The answer to this question will vary case-by-case. You should give the investigator copies of whatever documents you have about the conduct you claim was discriminatory, information about witnesses with information that supports your claims, and information about documents the Commission may be able to obtain from the respondent.  The Commission provides a Supporting Documentation form as a guide. 

 

  1. Do I need an attorney to represent me during the investigation?

 

You are never required to have an attorney but you must still meet the legal requirements to prove your claims or defenses.  Both complainants and respondents benefit from legal advice, even at the investigation stage.  If the case moves to the hearing stage, it is even more important to have an attorney, as the process is much like a trial.  The Commission has a Legal Assistance Information flyer which may help you.

 

  1. How long will it take to investigate my case?

 

This depends on many factors.  First, it could take up two months or more to receive a response from the other party.  Second, our investigators are required to complete investigations in the order that they were filed.  A full investigation could take up to a year or sometimes more. 

 

  1. What do I do if the complaint filed against me is completely untrue?

 

You must still respond to the allegations against you.  This is your opportunity to state your case and provide evidence that supports your side of the story.

 

  1. What will happen if I do not respond to a complaint that was filed against me or my business?

 

The Commission could issue an order directing you to respond, with the warning that an order of default may be entered against you.  Also, the Commission could proceed with the investigation and make a determination without the benefit of any evidence you may be able to present in your defense.

 

  1. What do I do if I would like to settle the case?

 

During the investigation, you may ask the assigned investigator to facilitate settlement discussions.
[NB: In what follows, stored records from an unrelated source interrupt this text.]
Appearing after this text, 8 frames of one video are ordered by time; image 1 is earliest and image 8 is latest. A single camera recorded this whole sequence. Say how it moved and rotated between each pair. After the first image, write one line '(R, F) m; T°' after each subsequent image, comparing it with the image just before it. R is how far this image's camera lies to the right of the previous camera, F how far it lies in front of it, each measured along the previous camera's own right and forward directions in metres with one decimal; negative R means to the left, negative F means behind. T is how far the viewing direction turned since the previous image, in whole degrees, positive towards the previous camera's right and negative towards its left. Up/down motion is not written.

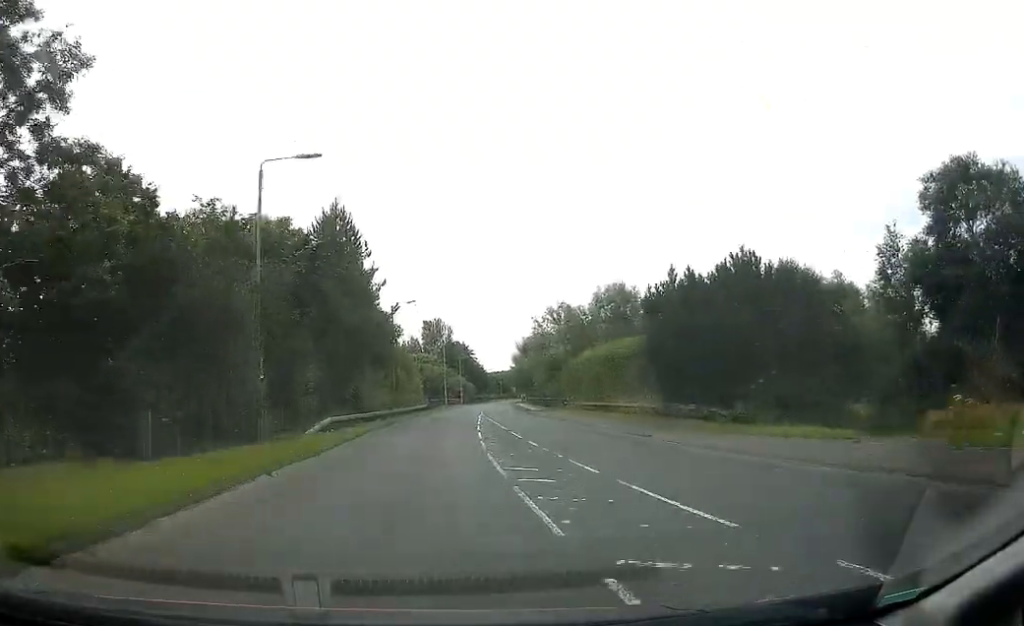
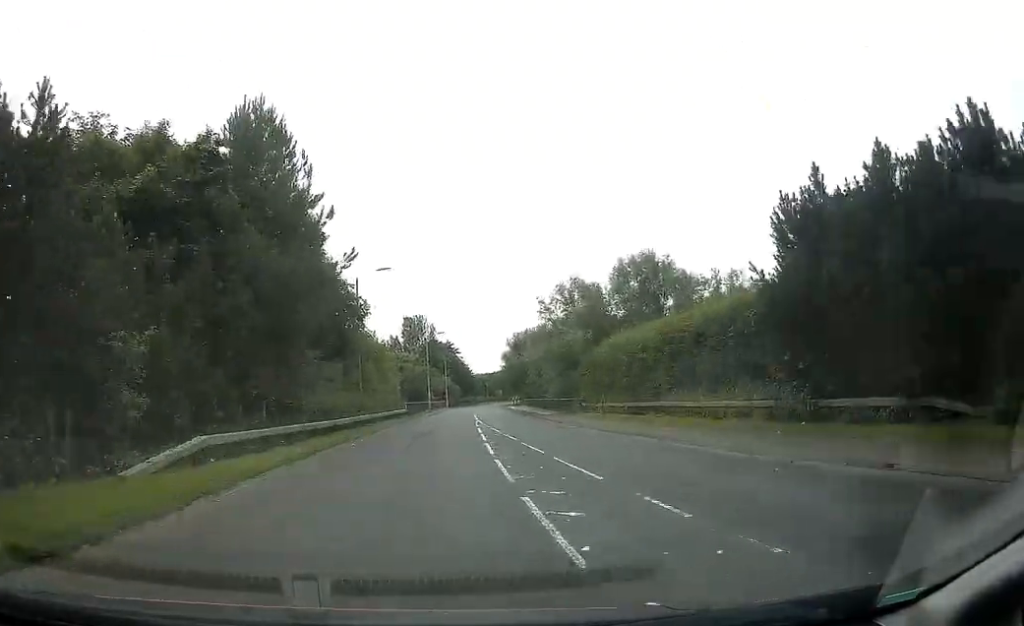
(0.0, +13.0) m; +1°
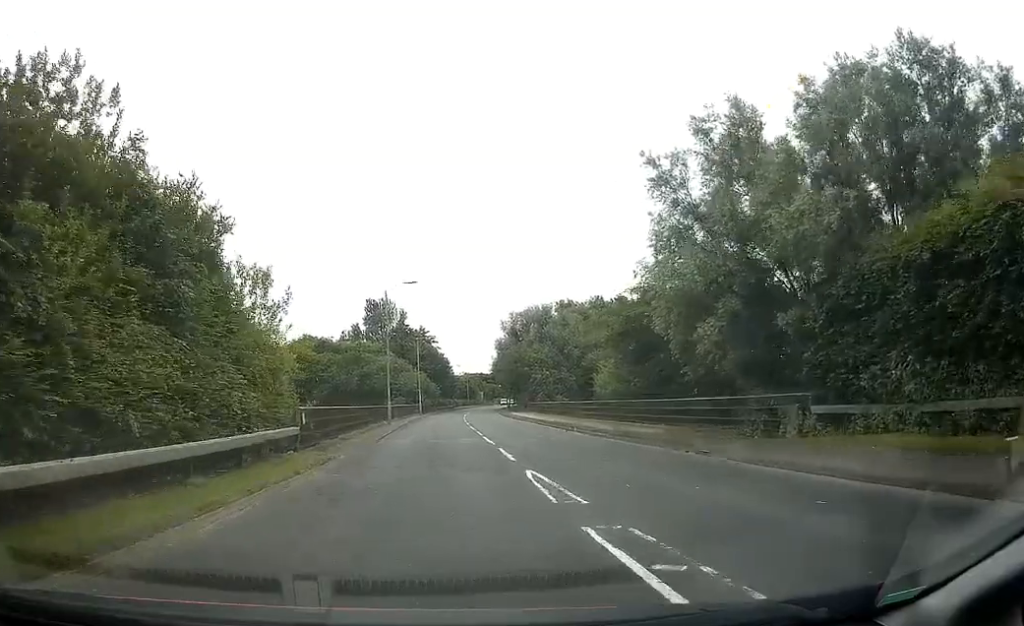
(+0.8, +32.0) m; +3°
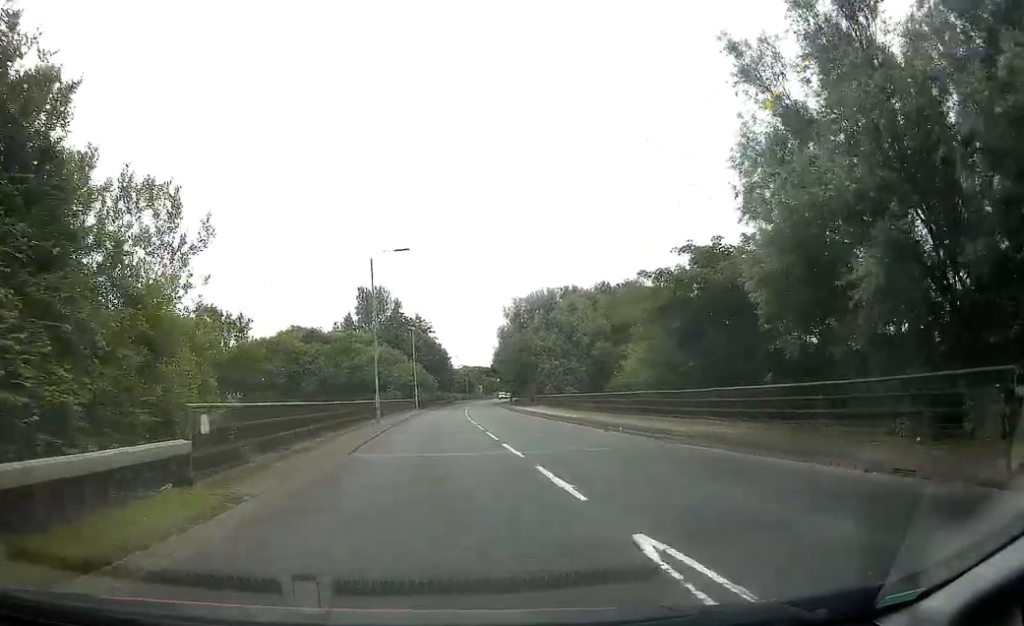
(0.0, +6.7) m; +1°
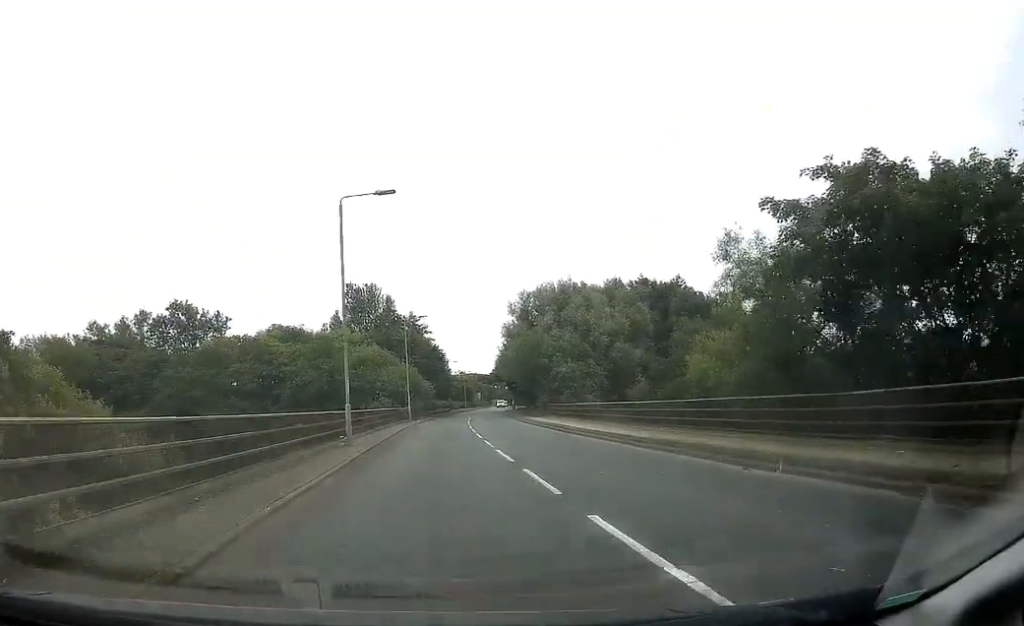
(+0.1, +10.4) m; +1°
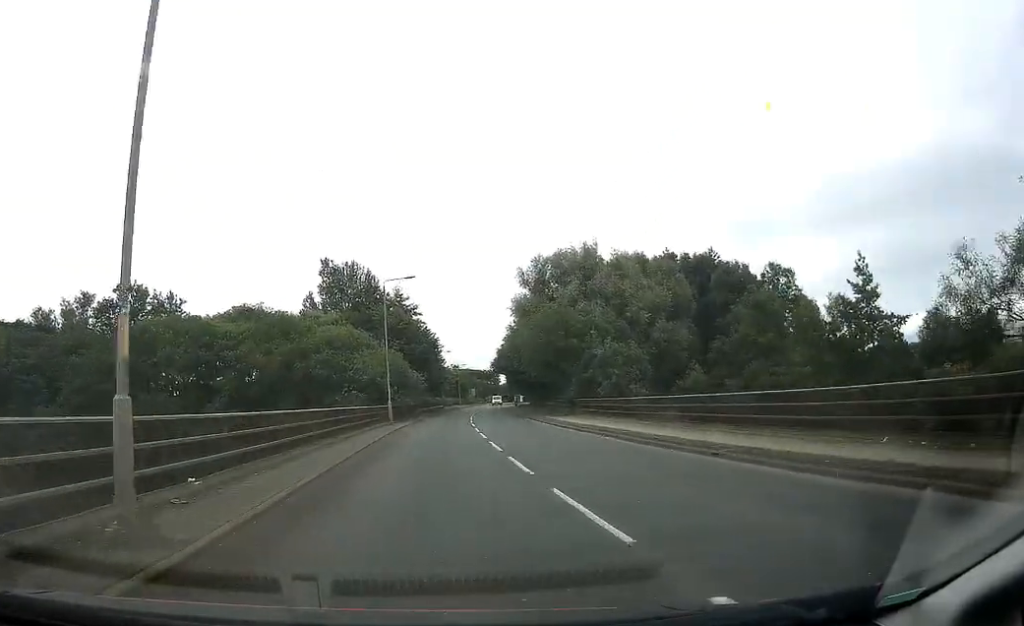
(+0.2, +16.3) m; 0°
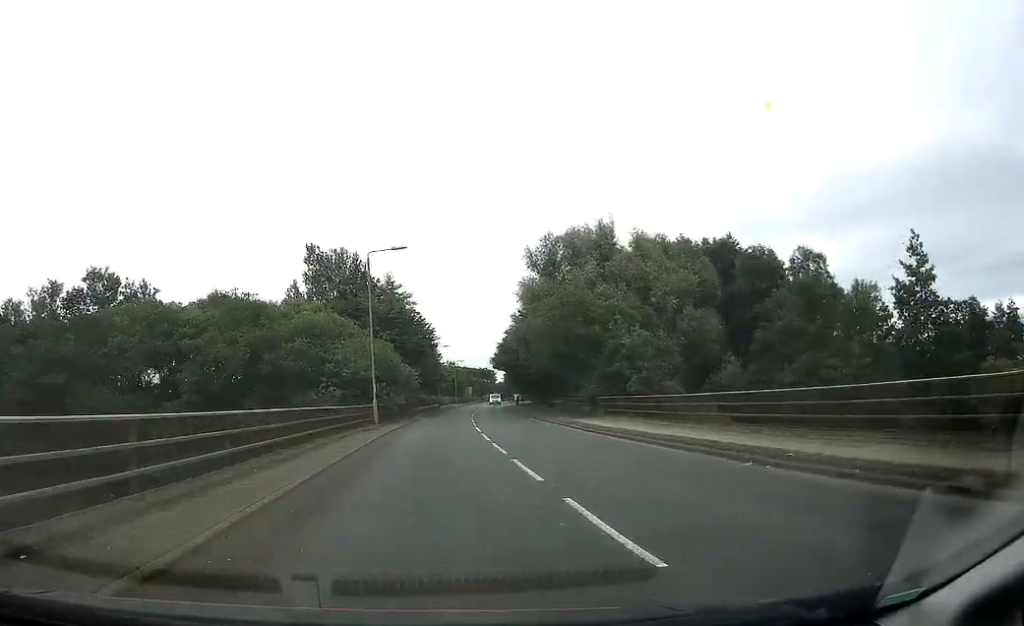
(0.0, +7.4) m; 0°
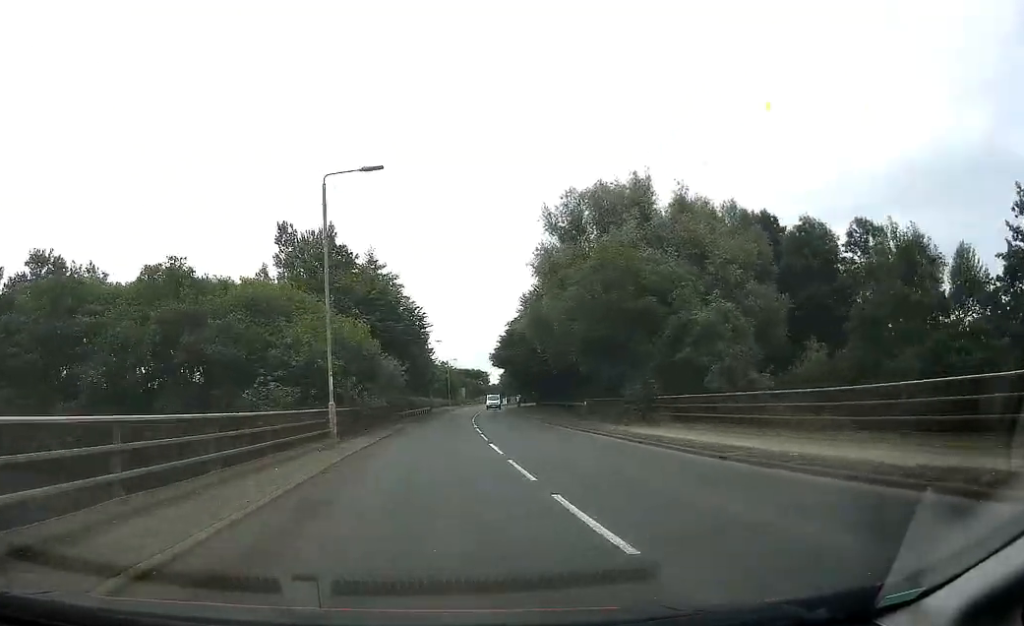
(-0.1, +10.5) m; 0°

Or you may contact the other party (or attorney if the party has one) directly to discuss settlement.  But keep in mind that no one is ever required to settle or accept particular terms.  If you and the other party agree on settlement terms, the investigator or another staff member will explain how to document the settlement and close the case. 

 

  1. Can a landlord tell me he or she cannot accept Section 8 Vouchers?

 

No.  It is a violation of the Chicago Fair Housing Ordinance to refuse to rent to an individual only because he or she intends to use a Section 8 Housing Choice Voucher.

 

  1. If my case goes to a hearing, how many witnesses can I bring?

 

As long as the testimony is relevant, there is no limit on the number of witnesses you may present at the administrative hearing.  Nor is there a limit on the number of relevant documents you can introduce into evidence.  You should not bring witnesses to a settlement conference or pre-hearing conference.

 

  1. Will a court reporter be present at the hearing?

 

Yes, the Commission provides the court reporter, who prepares a transcript of the administrative hearing which becomes part of the Commission’s public record of the case.

 

  1. Once I receive a hearing date, can I change it if it conflicts with my schedule?

 

Yes, you may be able to change the date of an administrative hearing, pre-hearing conference, or settlement conference by filing and serving a “motion for continuance.” Also, you can move for an “extension of time” to meet a filing deadline.  The Commission has forms you can use.  Your motion must provide “good cause” for the change.

 

  1. Once the case moves to the hearing stage, can I still settle with the other party?

 

Yes, you can settle up to the time a final ruling is entered after an administrative hearing. You will need to submit certain documentation to close the case. You may contact Commission staff about what to do if you reach a settlement at the hearing stage.